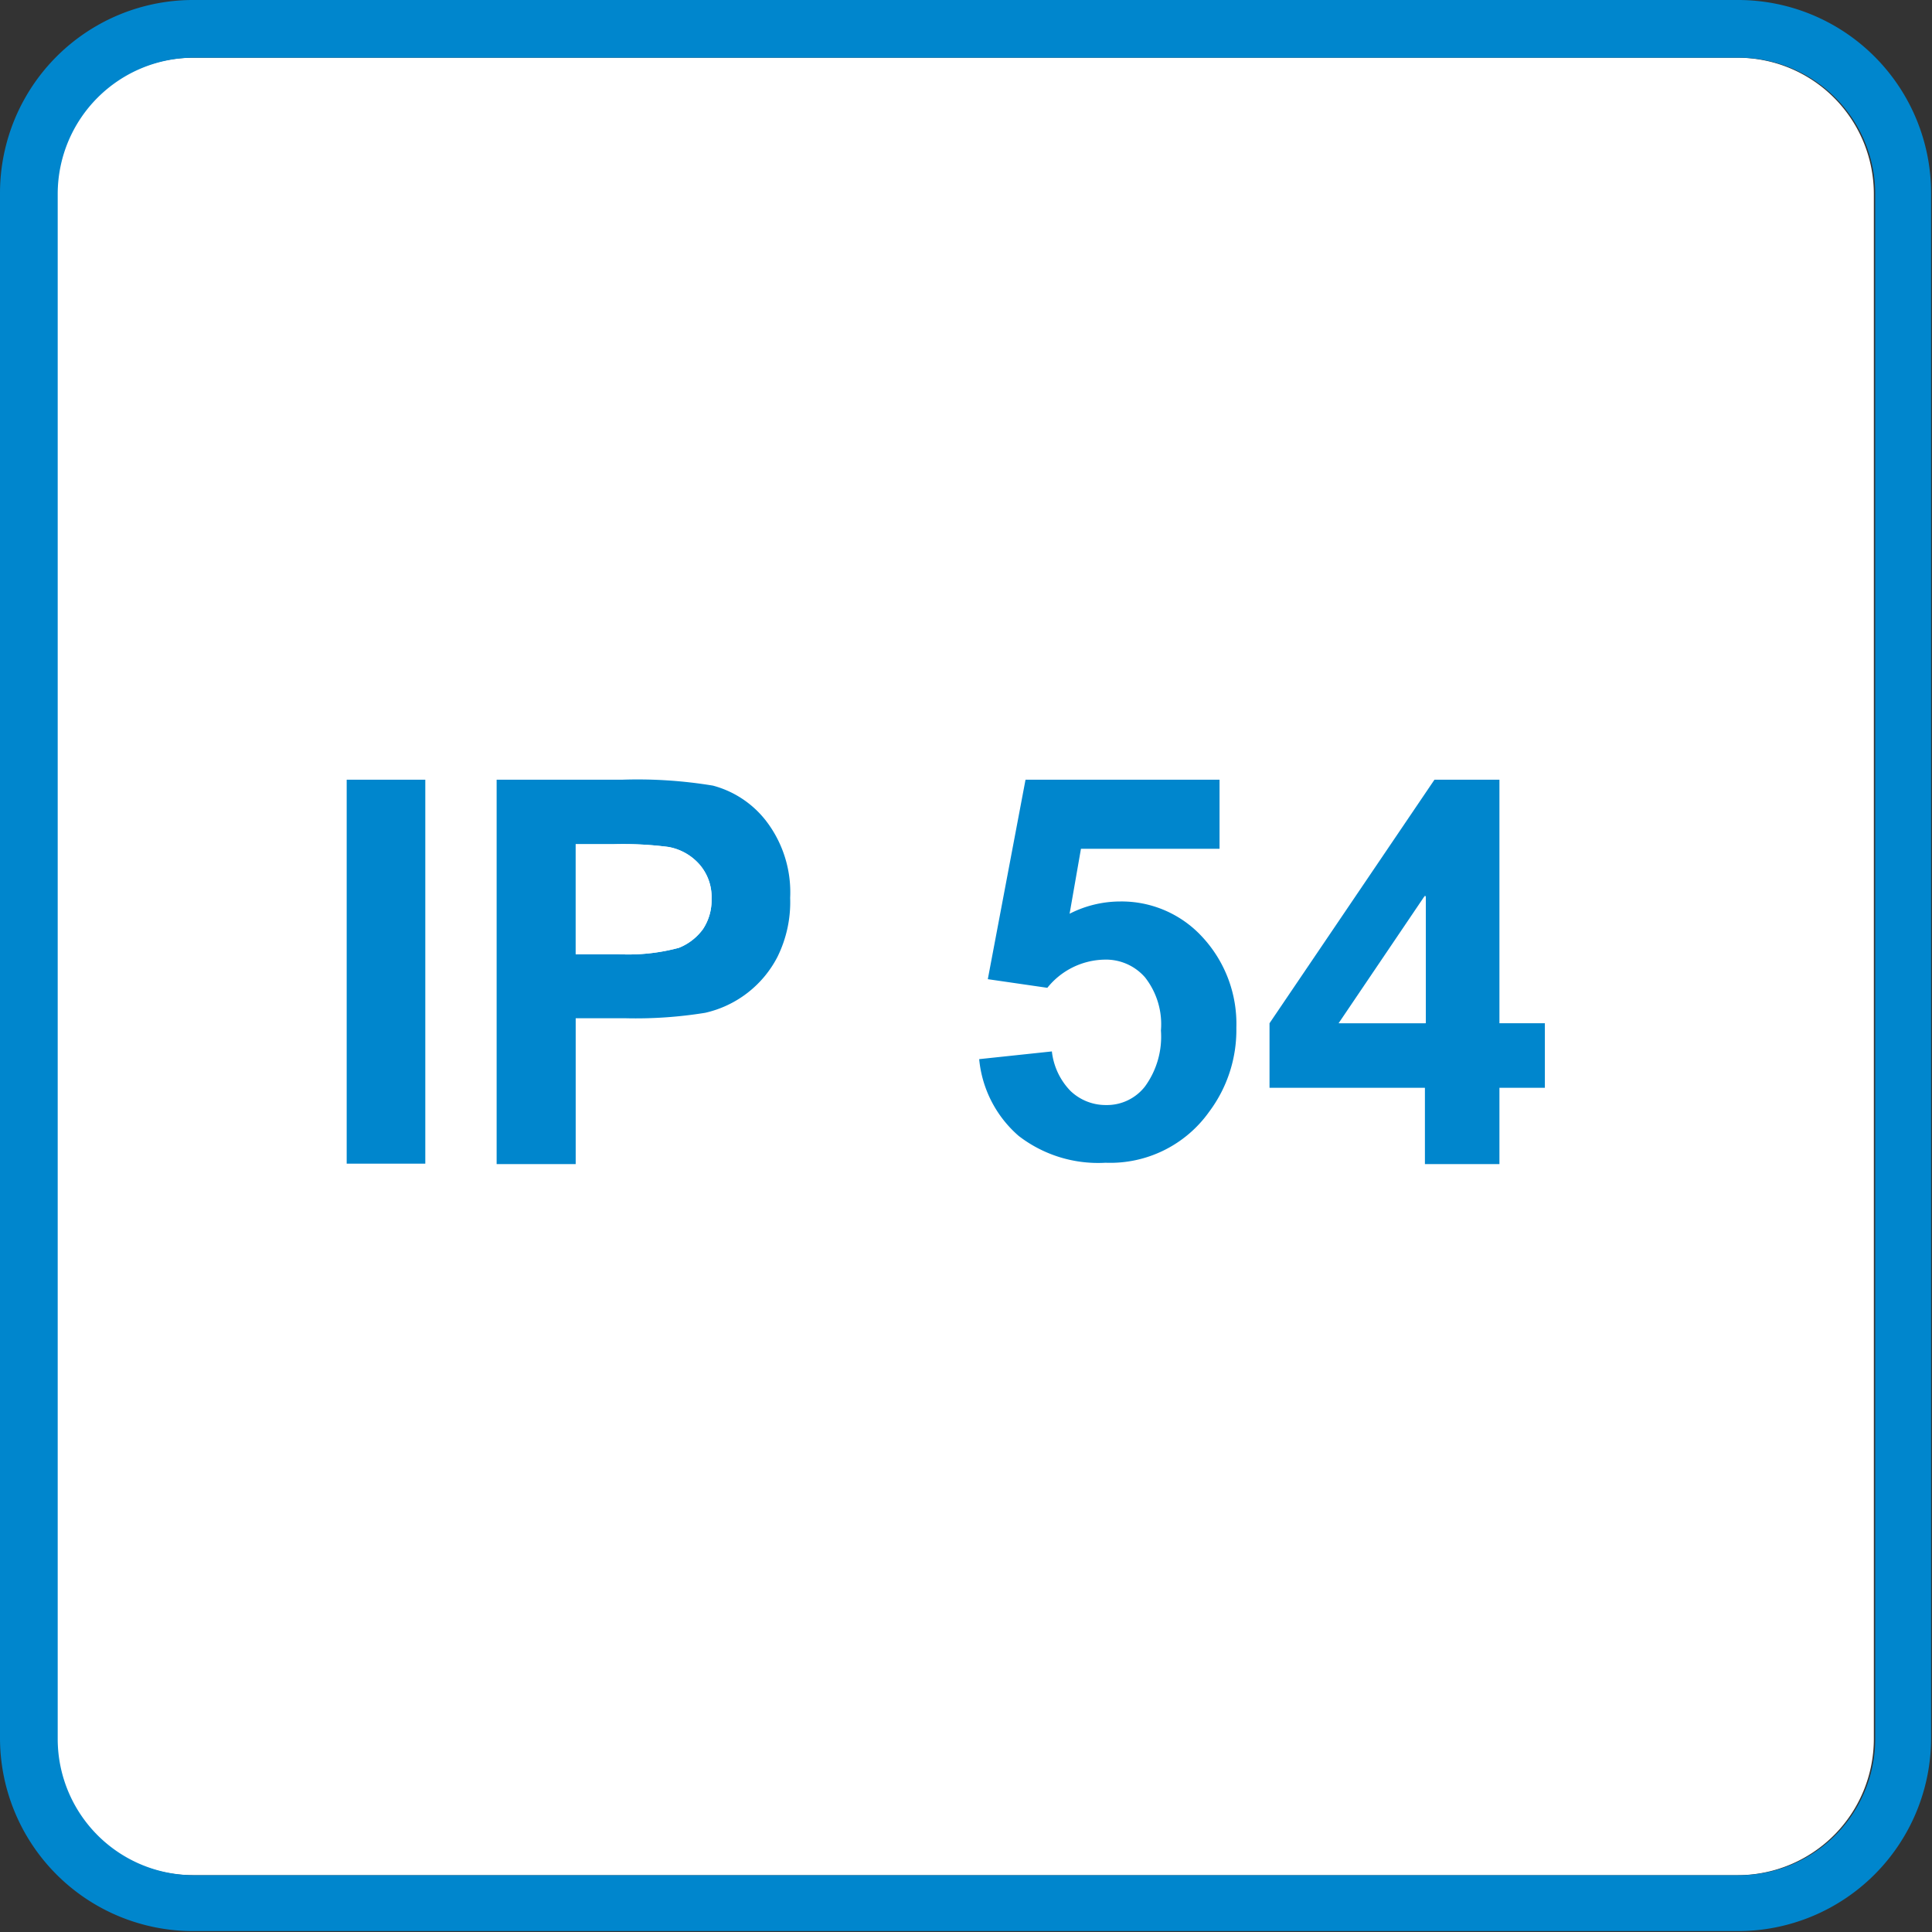 <?xml version="1.0" encoding="UTF-8"?>
<svg xmlns="http://www.w3.org/2000/svg" id="Ebene_1" data-name="Ebene 1" viewBox="0 0 42.52 42.52">
  <rect x="0" y="0" width="42.52" height="42.52" fill="#333333" stroke="none"/>
  <defs>
    <style>.cls-1{fill:#fff;}.cls-2{fill:#0086cd;}</style>
  </defs>
  <title>HHT_ICO_GRE_IP54_#SALL_#APR_#V2</title>
  <path class="cls-1" d="M41.24,38.27a3,3,0,0,1-3,3h-34a3,3,0,0,1-3-3v-34a3,3,0,0,1,3-3h34a3,3,0,0,1,3,3Z"></path>
  <path class="cls-2" d="M38.27,0h-34A4.25,4.25,0,0,0,0,4.25v34a4.25,4.25,0,0,0,4.25,4.25h34a4.25,4.25,0,0,0,4.25-4.25v-34A4.25,4.25,0,0,0,38.27,0Zm3,38.27a3,3,0,0,1-3,3h-34a3,3,0,0,1-3-3v-34a3,3,0,0,1,3-3h34a3,3,0,0,1,3,3Z"></path>
  <rect class="cls-2" x="7.63" y="17.16" width="1.73" height="8.45"></rect>
  <path class="cls-2" d="M15.69,17.29a10.18,10.18,0,0,0-2-.13H10.93v8.46h1.74V22.41h1.1a9.54,9.54,0,0,0,1.75-.12,2.38,2.38,0,0,0,1.59-1.23,2.72,2.72,0,0,0,.28-1.3,2.58,2.58,0,0,0-.49-1.64A2.19,2.19,0,0,0,15.69,17.29Zm-.22,3.16a1.21,1.21,0,0,1-.53.41A4.29,4.29,0,0,1,13.6,21h-.93V18.58h.82a7.77,7.77,0,0,1,1.22.06,1.19,1.19,0,0,1,.68.38,1.09,1.09,0,0,1,.27.76A1.15,1.15,0,0,1,15.47,20.45Z"></path>
  <path class="cls-1" d="M14.71,18.64a7.77,7.77,0,0,0-1.22-.06h-.82V21h.93a4.29,4.29,0,0,0,1.34-.14,1.21,1.21,0,0,0,.53-.41,1.15,1.15,0,0,0,.19-.67,1.09,1.09,0,0,0-.27-.76A1.19,1.19,0,0,0,14.71,18.64Z"></path>
  <path class="cls-2" d="M33,17.16H31.57l-3.63,5.36v1.42h3.42v1.68H33V23.94H34V22.52H33Zm-1.62,5.36h-1.9l1.9-2.81Z"></path>
  <polygon class="cls-1" points="31.36 22.52 31.36 19.71 29.46 22.52 31.36 22.52"></polygon>
  <path class="cls-2" d="M21.55,23.31l1.6-.17a1.48,1.48,0,0,0,.41.87,1.12,1.12,0,0,0,.78.31,1.06,1.06,0,0,0,.86-.41,1.86,1.86,0,0,0,.35-1.23,1.67,1.67,0,0,0-.35-1.17,1.14,1.14,0,0,0-.9-.39,1.65,1.65,0,0,0-1.25.62l-1.31-.19.83-4.39h4.27v1.52H23.79l-.25,1.43a2.45,2.45,0,0,1,1.1-.27,2.41,2.41,0,0,1,1.82.78,2.81,2.81,0,0,1,.75,2,3,3,0,0,1-.6,1.85,2.67,2.67,0,0,1-2.28,1.12A2.86,2.86,0,0,1,22.42,25,2.55,2.55,0,0,1,21.55,23.31Z"></path>
</svg>

* * * * * * *

What to produce: Please restate the material word for word; the pictures stay out.

Exercise response:
 <?xml version="1.0" encoding="UTF-8"?>
<svg xmlns="http://www.w3.org/2000/svg" id="Ebene_1" data-name="Ebene 1" viewBox="0 0 42.52 42.52">
  <rect x="0" y="0" width="42.52" height="42.52" fill="#333333" stroke="none"/>
  <defs>
    <style>.cls-1{fill:#fff;}.cls-2{fill:#0086cd;}</style>
  </defs>
  <title>HHT_ICO_GRE_IP54_#SALL_#APR_#V2</title>
  <path class="cls-1" d="M41.24,38.27a3,3,0,0,1-3,3h-34a3,3,0,0,1-3-3v-34a3,3,0,0,1,3-3h34a3,3,0,0,1,3,3Z"></path>
  <path class="cls-2" d="M38.27,0h-34A4.25,4.25,0,0,0,0,4.25v34a4.25,4.25,0,0,0,4.25,4.25h34a4.25,4.25,0,0,0,4.25-4.25v-34A4.25,4.25,0,0,0,38.27,0Zm3,38.27a3,3,0,0,1-3,3h-34a3,3,0,0,1-3-3v-34a3,3,0,0,1,3-3h34a3,3,0,0,1,3,3Z"></path>
  <rect class="cls-2" x="7.63" y="17.16" width="1.73" height="8.45"></rect>
  <path class="cls-2" d="M15.69,17.29a10.18,10.18,0,0,0-2-.13H10.93v8.46h1.74V22.41h1.1a9.54,9.54,0,0,0,1.75-.12,2.38,2.38,0,0,0,1.59-1.23,2.72,2.72,0,0,0,.28-1.3,2.58,2.58,0,0,0-.49-1.64A2.19,2.19,0,0,0,15.69,17.29Zm-.22,3.16a1.21,1.21,0,0,1-.53.41A4.29,4.29,0,0,1,13.6,21h-.93V18.58h.82a7.77,7.77,0,0,1,1.22.06,1.19,1.19,0,0,1,.68.38,1.09,1.09,0,0,1,.27.76A1.15,1.15,0,0,1,15.47,20.45Z"></path>
  <path class="cls-1" d="M14.71,18.64a7.77,7.77,0,0,0-1.22-.06h-.82V21h.93a4.29,4.29,0,0,0,1.34-.14,1.21,1.21,0,0,0,.53-.41,1.15,1.15,0,0,0,.19-.67,1.09,1.09,0,0,0-.27-.76A1.19,1.19,0,0,0,14.71,18.64Z"></path>
  <path class="cls-2" d="M33,17.16H31.57l-3.63,5.36v1.42h3.42v1.68H33V23.94H34V22.52H33Zm-1.62,5.36h-1.9l1.9-2.81Z"></path>
  <polygon class="cls-1" points="31.36 22.52 31.36 19.71 29.46 22.52 31.36 22.52"></polygon>
  <path class="cls-2" d="M21.55,23.31l1.6-.17a1.48,1.48,0,0,0,.41.87,1.12,1.12,0,0,0,.78.31,1.06,1.06,0,0,0,.86-.41,1.86,1.86,0,0,0,.35-1.23,1.67,1.67,0,0,0-.35-1.17,1.14,1.14,0,0,0-.9-.39,1.65,1.65,0,0,0-1.25.62l-1.31-.19.83-4.39h4.27v1.52H23.79l-.25,1.43a2.45,2.45,0,0,1,1.1-.27,2.41,2.41,0,0,1,1.82.78,2.81,2.81,0,0,1,.75,2,3,3,0,0,1-.6,1.85,2.67,2.67,0,0,1-2.28,1.12A2.86,2.86,0,0,1,22.42,25,2.55,2.55,0,0,1,21.55,23.31Z"></path>
</svg>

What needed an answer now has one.